Water Quality: Mapping the Opportunity

Water Quality: Mapping the Opportunity

 

BNIM’s practice is rooted in the discovery of innovative solutions at varying scales of the built environment, including the rural landscape. Through critical analysis and continual evaluation, we apply data-driven solutions to complex challenges. Recently, we have employed this approach to conceptualize an implementable solution to solve one of today’s toughest challenges — the depletion of water quality.
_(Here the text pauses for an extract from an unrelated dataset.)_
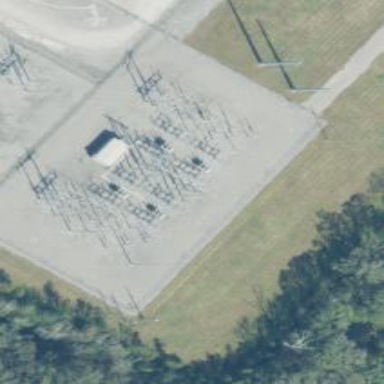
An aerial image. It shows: Switch used for power control.
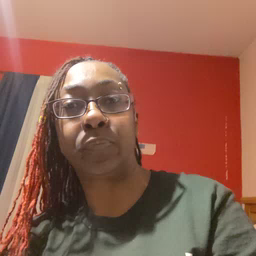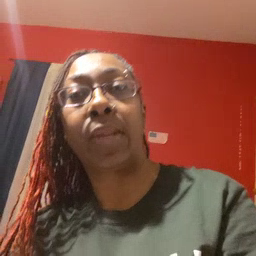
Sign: lamp

Nutrient (pollution) reduction due to agricultural field runoff is a leading cause of dead zones in our rivers, lakes, and oceans. Broad nutrient reduction strategies have been attempted, but do not account for the drastic variation of terrain across the United States. Instead, what if a landowner could have the ability to tailor a personalized, site-specific solution that is completely different than a neighbor just a mile down the road?

Technology can facilitate this comprehensive, individualized solution in the form of a web-based mapping tool. This tool can pull from the following existing GIS databases:

  • Land Use
  • Waterways
  • Topography/LiDAR
  • Soil Type
  • Drainage Tile


Agriculture drainage tile, installed prior to tile mapping, can now be mapped using aerial photography that is properly timed as large watersheds drain following heavy rains.

Access to landscape characteristics is further enhanced by ongoing water quality research. The University of Iowa, in particular, maps the real-time pollution levels of Iowa’s rivers through a vast network of sensors. This data provides a proactive opportunity to identify and address problem areas upstream, and then monitor the same water downstream in order to determine the effectiveness of pollution prevention methods.



The Iowa Water Quality Information System has a vast network of monitoring devices, which provides real-time data for nutrient runoff levels in Iowa’s waterways.

A mapping tool, using the research and databases identified above, provides the missing link between the general solution and the specific implementation. This tool can efficiently calculate the amount and location of land area to devote to nutrient reduction strategies. When further informed by regional averages for fertilizer, yield, and crop prices per acre, it can even efficiently identify acres to remove from production and strategies to implement in those locations (i.e., energy crops, riparian buffers).



By locating their property and planting region on a web-based mapping tool, a landowner could receive a personalized nutrient reduction strategy with associated initial costs and crop production impact, while also tracking nutrient runoff reduction.

With limited natural resource budgets nationwide, we must be efficient in allocating funds and land use to create nutrient reduction strategies. A single, broad strategy will not solve the problem. Thoughtful, data-driven strategies will create the catalytic change needed to transform our waterways.